## WHAT YOU ARE ASKED TO DO
The expected answer is the full listing, repeated exactly and free of images.

## AVAILABLE DATA
=== Section Start ===
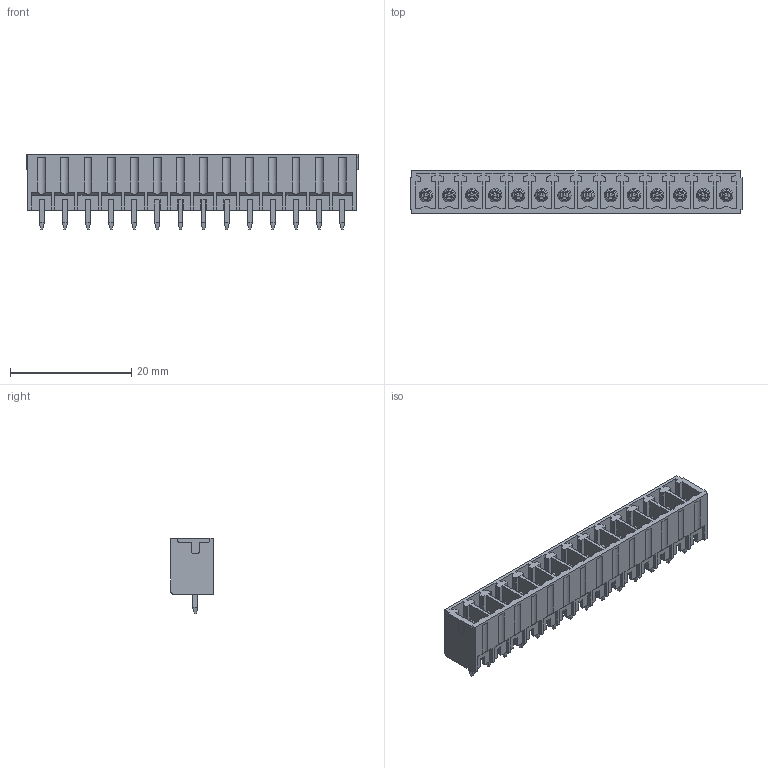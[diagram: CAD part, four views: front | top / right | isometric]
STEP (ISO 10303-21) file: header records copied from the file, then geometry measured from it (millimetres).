
FILE_DESCRIPTION(('CATIA V5 STEP Exchange','CAx-IF Rec.Pracs.--- Model Styling and Organization---1.2---2011-12-15'),'2;1');
FILE_NAME ('D1459824_0', '2018-09-29T05:05:48+00:00', ('none'), ('Weidmueller'), 'CATIA Version 5-6 Release 2014', 'CATIA V5 STEP AP214', 'none');
FILE_SCHEMA(('AUTOMOTIVE_DESIGN { 1 0 10303 214 1 1 1 1 }'));
Length unit declared in the file: millimetre
Products named in the file (1): 1942960000
Bounding box: 54.73 x 7.05 x 12.4 mm (x, y, z)
Volume: 1549.6 mm3; surface area: 5030.1 mm2
Topology: 15 solids, 15 shells, 1057 faces, 3024 edges, 2039 vertices
Faces by surface type: plane 768, cylinder 233, cone 28, torus 28
Entity records: 32052 total; most frequent: CARTESIAN_POINT 6308, ORIENTED_EDGE 6048, DIRECTION 4110, EDGE_CURVE 3024, VECTOR 2390, LINE 2390, VERTEX_POINT 2039, EDGE_LOOP 1127
=== Section End ===
## TASK OUTPUT
[diagram: CAD part, four views: front | top / right | isometric]
STEP (ISO 10303-21) file: header records copied from the file, then geometry measured from it (millimetres).
FILE_DESCRIPTION(('CATIA V5 STEP Exchange','CAx-IF Rec.Pracs.--- Model Styling and Organization---1.2---2011-12-15'),'2;1');
FILE_NAME ('D1459824_0', '2018-09-29T05:05:48+00:00', ('none'), ('Weidmueller'), 'CATIA Version 5-6 Release 2014', 'CATIA V5 STEP AP214', 'none');
FILE_SCHEMA(('AUTOMOTIVE_DESIGN { 1 0 10303 214 1 1 1 1 }'));
Length unit declared in the file: millimetre
Products named in the file (1): 1942960000
Bounding box: 54.73 x 7.05 x 12.4 mm (x, y, z)
Volume: 1549.6 mm3; surface area: 5030.1 mm2
Topology: 15 solids, 15 shells, 1057 faces, 3024 edges, 2039 vertices
Faces by surface type: plane 768, cylinder 233, cone 28, torus 28
Entity records: 32052 total; most frequent: CARTESIAN_POINT 6308, ORIENTED_EDGE 6048, DIRECTION 4110, EDGE_CURVE 3024, VECTOR 2390, LINE 2390, VERTEX_POINT 2039, EDGE_LOOP 1127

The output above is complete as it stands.